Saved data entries
--------------------------------

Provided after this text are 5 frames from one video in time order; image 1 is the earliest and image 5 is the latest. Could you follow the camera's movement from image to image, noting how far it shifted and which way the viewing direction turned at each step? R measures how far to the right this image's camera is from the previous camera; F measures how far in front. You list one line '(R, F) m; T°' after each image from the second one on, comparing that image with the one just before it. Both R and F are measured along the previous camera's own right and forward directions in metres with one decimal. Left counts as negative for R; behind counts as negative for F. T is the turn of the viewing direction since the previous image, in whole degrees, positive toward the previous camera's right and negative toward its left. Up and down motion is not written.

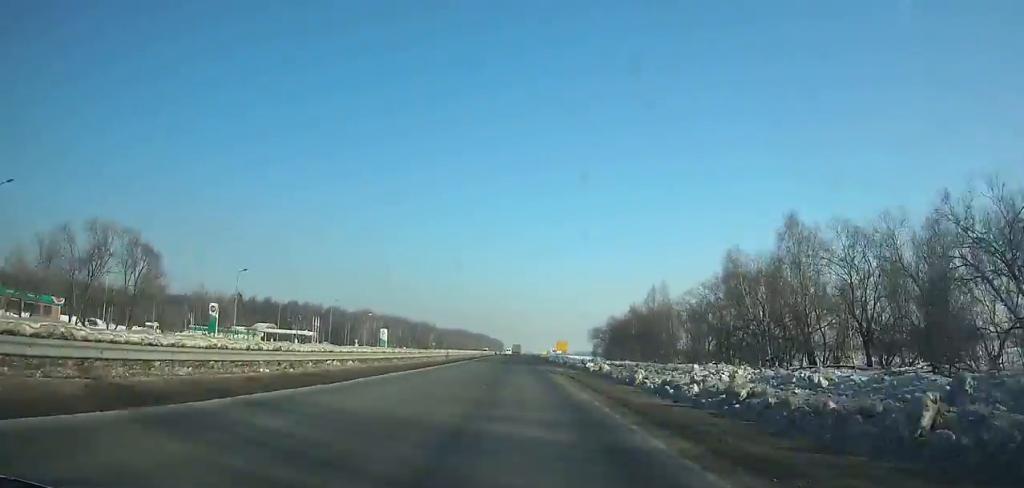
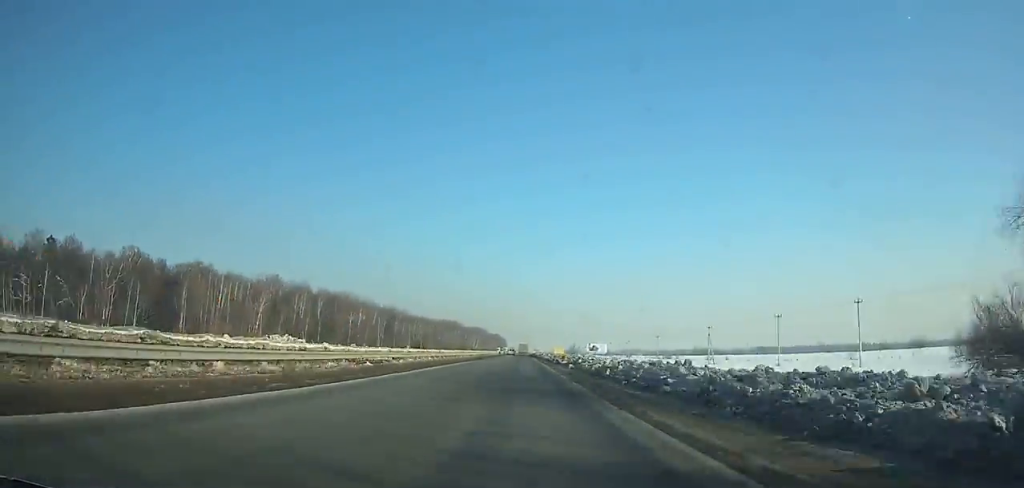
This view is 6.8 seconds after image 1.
(-1.0, +158.8) m; 0°
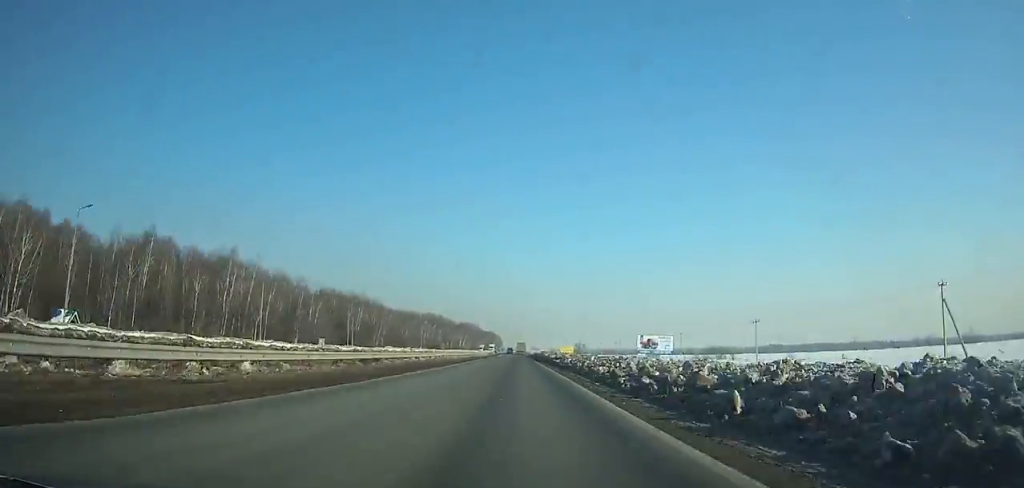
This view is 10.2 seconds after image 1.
(0.0, +79.4) m; 0°
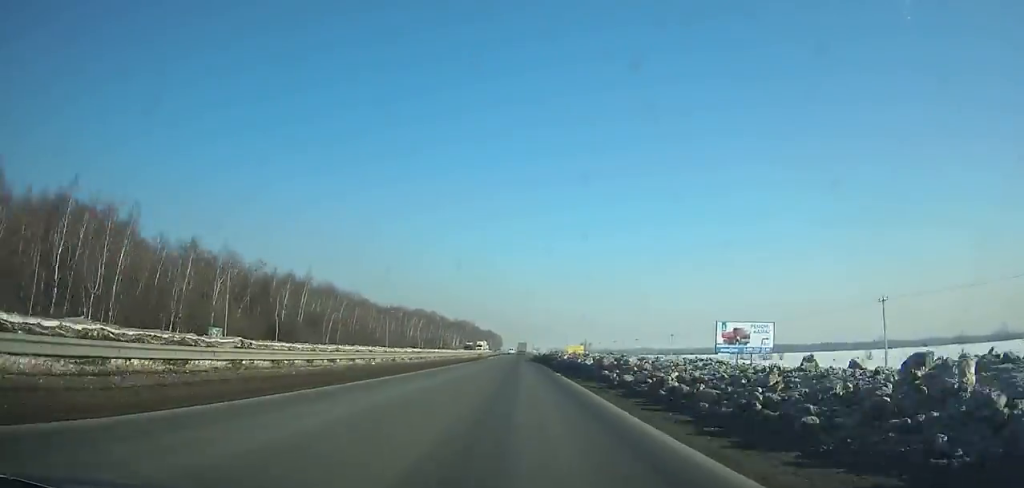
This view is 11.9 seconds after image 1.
(-0.1, +40.1) m; 0°
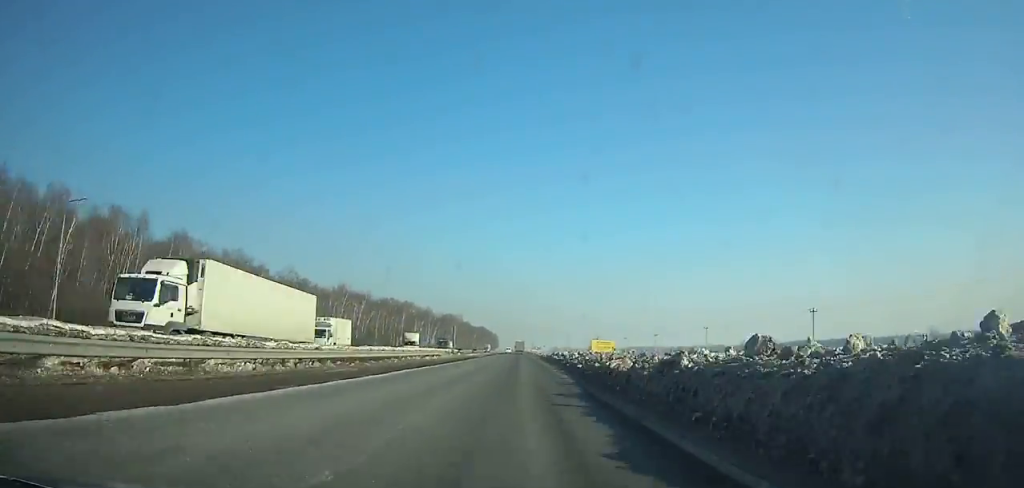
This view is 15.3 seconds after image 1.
(+0.3, +81.6) m; 0°

--------------------------------

• _Exercise directions_
Set down each record above exactly as it stands and leave out all pictures.

• _Answer for the task_
Provided after this text are 5 frames from one video in time order; image 1 is the earliest and image 5 is the latest. Could you follow the camera's movement from image to image, noting how far it shifted and which way the viewing direction turned at each step? R measures how far to the right this image's camera is from the previous camera; F measures how far in front. You list one line '(R, F) m; T°' after each image from the second one on, comparing that image with the one just before it. Both R and F are measured along the previous camera's own right and forward directions in metres with one decimal. Left counts as negative for R; behind counts as negative for F. T is the turn of the viewing direction since the previous image, in whole degrees, positive toward the previous camera's right and negative toward its left. Up and down motion is not written.

This view is 6.8 seconds after image 1.
(-1.0, +158.8) m; 0°
This view is 10.2 seconds after image 1.
(0.0, +79.4) m; 0°
This view is 11.9 seconds after image 1.
(-0.1, +40.1) m; 0°
This view is 15.3 seconds after image 1.
(+0.3, +81.6) m; 0°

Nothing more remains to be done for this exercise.